En route vers les nouveaux programmes de Terminale

Une modélisation numérique pour s’enhardir avec la loi de Hardy-Weinberg

Avec tout outil de modélisation multi-agents : NetBioDyn, Edu’Modèles...

La loi de Hardy-Weinberg, pilier de la génétique des populations, fait son entrée dans les programmes à la rentrée 2020. En 1908, le mathématicien britannique Geoffroy H. Hardy et le médecin allemand Wilhelm Weinberg proposent un modèle théorique qui prévoit "la stabilité des fréquences relatives des allèles dans les populations eucaryotes à reproduction sexuée".
De nos jours, parmi les possibilités de modélisation numérique, la modélisation multi-agents se focalise sur des éléments actifs, les entités, dont le comportement est défini par des équations connues où les entités réactives forment des entités produites, à l’instar du déroulement d’une réaction chimique.

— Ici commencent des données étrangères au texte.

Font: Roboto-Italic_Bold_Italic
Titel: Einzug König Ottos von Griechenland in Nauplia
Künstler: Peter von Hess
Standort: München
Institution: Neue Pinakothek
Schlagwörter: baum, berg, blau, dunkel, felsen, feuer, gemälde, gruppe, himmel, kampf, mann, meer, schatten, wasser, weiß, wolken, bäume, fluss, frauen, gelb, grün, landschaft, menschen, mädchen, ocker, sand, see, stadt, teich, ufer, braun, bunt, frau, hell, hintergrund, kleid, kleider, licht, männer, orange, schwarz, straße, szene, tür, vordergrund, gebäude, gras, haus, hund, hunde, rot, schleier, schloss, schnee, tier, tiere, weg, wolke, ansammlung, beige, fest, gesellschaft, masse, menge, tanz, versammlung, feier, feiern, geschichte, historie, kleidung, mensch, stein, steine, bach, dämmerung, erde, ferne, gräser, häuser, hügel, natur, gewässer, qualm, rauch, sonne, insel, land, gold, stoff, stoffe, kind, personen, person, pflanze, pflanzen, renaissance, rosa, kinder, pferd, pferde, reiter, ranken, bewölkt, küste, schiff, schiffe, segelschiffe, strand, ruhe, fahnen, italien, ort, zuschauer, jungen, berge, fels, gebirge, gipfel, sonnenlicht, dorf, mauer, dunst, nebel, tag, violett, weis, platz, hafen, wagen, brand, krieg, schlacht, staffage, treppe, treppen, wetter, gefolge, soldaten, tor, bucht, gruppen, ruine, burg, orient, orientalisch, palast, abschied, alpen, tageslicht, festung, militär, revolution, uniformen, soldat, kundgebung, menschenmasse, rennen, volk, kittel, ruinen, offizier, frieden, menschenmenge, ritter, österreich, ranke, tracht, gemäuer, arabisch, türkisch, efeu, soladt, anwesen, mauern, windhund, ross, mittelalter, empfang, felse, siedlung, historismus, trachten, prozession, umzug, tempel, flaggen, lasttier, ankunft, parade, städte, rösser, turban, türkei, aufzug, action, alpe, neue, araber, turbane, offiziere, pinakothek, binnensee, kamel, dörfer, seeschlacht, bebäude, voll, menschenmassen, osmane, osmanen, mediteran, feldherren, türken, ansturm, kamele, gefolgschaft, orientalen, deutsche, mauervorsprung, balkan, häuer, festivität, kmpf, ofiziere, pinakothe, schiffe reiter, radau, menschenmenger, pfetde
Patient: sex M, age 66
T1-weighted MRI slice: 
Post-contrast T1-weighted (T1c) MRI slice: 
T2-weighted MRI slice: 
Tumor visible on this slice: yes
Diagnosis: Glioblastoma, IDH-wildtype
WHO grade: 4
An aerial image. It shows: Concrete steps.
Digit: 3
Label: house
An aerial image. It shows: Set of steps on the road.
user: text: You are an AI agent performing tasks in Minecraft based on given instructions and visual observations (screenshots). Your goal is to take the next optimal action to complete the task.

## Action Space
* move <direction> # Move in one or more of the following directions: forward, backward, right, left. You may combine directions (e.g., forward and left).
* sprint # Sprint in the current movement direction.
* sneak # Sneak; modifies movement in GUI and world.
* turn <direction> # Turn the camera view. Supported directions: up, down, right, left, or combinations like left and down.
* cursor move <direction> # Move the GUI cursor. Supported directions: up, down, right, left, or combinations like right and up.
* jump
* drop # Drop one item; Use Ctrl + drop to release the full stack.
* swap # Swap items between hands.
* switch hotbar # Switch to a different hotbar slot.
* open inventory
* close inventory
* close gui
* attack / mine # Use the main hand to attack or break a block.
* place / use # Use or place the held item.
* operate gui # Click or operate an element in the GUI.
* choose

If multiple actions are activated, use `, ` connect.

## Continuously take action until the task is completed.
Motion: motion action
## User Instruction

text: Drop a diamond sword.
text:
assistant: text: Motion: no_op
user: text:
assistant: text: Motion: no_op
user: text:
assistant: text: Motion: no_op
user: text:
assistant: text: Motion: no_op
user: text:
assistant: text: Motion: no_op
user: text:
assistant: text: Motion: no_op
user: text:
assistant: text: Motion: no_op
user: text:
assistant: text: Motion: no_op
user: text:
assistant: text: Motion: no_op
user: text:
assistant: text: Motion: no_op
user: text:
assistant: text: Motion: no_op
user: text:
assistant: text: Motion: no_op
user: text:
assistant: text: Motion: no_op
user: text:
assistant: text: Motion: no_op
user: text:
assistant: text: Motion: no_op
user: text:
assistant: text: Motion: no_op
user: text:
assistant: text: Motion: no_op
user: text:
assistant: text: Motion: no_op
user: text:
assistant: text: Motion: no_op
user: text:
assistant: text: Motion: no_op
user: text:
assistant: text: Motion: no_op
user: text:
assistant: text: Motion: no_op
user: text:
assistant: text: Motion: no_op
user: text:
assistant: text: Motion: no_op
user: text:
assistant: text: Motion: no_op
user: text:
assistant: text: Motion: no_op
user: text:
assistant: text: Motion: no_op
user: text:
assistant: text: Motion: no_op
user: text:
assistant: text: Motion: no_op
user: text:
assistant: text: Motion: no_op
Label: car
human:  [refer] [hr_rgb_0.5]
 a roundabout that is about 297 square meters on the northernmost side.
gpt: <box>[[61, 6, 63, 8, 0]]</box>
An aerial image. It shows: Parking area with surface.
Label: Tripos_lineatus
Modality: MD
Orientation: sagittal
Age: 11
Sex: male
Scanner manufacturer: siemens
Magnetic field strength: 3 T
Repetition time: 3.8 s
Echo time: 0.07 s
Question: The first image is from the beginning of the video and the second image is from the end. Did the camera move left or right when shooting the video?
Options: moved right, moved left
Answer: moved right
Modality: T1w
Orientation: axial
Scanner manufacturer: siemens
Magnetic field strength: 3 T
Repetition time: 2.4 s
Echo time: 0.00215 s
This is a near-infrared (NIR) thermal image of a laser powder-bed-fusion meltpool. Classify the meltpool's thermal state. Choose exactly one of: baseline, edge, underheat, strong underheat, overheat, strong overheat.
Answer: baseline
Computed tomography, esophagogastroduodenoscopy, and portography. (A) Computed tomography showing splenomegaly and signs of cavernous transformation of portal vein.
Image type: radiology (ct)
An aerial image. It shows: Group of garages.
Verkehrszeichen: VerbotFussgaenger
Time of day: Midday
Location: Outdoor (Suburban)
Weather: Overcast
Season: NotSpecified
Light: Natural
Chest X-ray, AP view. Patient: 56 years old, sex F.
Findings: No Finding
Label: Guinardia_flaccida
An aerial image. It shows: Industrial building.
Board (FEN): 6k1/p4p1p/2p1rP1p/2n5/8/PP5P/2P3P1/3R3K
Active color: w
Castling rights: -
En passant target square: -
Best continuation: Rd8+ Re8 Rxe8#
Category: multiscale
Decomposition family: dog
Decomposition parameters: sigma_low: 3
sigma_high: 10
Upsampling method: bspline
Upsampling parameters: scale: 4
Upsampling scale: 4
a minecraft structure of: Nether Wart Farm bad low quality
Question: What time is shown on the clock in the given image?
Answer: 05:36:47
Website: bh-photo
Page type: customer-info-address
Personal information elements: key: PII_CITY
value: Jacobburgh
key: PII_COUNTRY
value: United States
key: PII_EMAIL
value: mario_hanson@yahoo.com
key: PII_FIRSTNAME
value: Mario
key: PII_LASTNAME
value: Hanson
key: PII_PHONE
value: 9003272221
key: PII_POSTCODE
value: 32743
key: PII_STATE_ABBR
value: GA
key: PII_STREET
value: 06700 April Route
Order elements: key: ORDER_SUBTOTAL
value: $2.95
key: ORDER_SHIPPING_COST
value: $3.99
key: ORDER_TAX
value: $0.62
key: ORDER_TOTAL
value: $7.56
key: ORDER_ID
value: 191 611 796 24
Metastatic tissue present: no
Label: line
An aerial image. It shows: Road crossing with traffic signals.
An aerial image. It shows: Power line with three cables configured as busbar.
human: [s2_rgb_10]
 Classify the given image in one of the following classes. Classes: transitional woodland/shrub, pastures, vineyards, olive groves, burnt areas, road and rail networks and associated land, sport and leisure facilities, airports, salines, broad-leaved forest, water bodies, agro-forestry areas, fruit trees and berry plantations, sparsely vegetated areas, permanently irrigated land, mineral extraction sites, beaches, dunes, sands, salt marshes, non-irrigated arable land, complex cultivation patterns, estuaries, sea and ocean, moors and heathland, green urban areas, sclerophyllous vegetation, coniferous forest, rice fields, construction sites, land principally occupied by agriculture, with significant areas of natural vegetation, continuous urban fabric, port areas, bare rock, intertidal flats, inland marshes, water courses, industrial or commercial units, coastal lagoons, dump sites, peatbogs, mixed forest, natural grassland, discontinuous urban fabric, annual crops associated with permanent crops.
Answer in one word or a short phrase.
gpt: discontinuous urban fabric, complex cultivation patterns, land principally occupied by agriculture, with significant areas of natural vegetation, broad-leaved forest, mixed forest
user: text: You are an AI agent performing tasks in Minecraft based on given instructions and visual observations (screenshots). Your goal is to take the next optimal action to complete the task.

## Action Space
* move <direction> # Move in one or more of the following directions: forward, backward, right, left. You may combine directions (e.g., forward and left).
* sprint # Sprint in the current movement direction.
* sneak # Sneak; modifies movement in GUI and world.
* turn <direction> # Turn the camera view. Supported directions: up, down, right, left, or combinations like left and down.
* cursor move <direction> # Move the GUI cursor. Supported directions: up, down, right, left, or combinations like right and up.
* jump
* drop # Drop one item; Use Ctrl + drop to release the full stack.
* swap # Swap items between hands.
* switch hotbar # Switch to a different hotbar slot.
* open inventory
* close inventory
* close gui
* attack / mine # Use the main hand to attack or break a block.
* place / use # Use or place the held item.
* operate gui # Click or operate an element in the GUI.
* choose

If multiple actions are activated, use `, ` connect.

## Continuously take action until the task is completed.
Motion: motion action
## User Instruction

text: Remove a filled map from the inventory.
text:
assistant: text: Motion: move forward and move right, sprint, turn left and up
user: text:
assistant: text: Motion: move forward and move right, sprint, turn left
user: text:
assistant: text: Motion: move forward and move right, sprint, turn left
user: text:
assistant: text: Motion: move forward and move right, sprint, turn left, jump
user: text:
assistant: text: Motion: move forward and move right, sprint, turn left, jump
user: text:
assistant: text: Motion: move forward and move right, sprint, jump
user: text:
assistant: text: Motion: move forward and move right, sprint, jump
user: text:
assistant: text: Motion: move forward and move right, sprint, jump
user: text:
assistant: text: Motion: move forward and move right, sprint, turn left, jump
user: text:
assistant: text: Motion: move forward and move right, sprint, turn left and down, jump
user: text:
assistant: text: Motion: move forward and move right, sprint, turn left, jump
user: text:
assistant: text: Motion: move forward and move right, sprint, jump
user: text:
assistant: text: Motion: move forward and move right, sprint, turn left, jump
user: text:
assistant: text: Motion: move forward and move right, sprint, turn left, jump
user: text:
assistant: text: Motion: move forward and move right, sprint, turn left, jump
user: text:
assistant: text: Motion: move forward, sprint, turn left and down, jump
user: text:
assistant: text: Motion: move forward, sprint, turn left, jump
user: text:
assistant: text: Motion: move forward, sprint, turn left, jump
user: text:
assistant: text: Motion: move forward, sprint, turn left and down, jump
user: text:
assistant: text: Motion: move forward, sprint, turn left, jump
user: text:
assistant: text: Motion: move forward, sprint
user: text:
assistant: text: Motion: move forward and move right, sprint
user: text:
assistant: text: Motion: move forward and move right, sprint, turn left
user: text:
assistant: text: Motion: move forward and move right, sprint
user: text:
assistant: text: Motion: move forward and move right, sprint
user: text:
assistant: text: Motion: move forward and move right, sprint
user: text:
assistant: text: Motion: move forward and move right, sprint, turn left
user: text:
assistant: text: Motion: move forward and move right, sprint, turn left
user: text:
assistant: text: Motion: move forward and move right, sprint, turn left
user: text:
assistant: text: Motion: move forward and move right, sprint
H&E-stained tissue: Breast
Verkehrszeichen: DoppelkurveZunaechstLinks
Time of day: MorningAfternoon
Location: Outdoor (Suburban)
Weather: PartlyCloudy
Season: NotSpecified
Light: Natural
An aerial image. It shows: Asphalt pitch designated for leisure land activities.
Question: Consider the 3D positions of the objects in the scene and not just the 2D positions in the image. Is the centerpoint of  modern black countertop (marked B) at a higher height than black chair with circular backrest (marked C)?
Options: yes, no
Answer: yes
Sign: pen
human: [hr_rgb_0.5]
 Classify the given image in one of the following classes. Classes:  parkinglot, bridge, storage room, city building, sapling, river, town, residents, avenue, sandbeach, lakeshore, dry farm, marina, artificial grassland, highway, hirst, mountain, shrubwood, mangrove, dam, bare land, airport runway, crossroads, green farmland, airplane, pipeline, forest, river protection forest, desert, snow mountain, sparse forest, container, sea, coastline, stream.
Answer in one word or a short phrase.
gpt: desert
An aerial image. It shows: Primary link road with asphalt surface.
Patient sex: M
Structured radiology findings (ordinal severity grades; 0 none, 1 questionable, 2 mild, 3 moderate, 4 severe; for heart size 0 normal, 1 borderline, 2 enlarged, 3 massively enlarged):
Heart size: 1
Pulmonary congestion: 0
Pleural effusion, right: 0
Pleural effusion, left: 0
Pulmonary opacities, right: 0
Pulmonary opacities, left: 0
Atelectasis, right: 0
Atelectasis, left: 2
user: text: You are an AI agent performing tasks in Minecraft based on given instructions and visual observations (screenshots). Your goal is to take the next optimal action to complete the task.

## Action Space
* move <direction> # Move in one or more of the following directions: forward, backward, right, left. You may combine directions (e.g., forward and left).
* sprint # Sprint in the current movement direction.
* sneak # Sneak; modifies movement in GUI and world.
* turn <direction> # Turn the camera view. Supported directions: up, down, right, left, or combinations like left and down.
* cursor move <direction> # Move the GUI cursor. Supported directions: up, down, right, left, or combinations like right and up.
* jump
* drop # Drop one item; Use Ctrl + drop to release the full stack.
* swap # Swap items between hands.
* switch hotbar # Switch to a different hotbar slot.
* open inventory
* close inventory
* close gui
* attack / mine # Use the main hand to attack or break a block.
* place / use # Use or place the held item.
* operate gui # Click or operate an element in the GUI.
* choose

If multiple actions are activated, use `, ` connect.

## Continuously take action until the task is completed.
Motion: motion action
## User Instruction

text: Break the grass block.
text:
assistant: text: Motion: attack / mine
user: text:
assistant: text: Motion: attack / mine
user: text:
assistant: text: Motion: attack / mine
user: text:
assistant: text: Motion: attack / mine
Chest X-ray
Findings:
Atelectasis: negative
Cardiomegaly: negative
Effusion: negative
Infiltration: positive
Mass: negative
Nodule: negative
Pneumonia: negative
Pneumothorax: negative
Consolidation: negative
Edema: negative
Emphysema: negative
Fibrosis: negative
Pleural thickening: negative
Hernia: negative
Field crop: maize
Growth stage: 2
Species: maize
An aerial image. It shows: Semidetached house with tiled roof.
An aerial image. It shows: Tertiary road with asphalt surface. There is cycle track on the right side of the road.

On propose ici ce type de modélisation numérique, qui ne nécessite pas de connaissance particulière en programmation, comme approche pour comprendre le modèle théorique de Hardy-Weinberg. Ce faisant, on implique particulièrement les élèves dans la construction du modèle, elle-même soutenue par des équations mobilisant les savoirs sur la méiose et la fécondation.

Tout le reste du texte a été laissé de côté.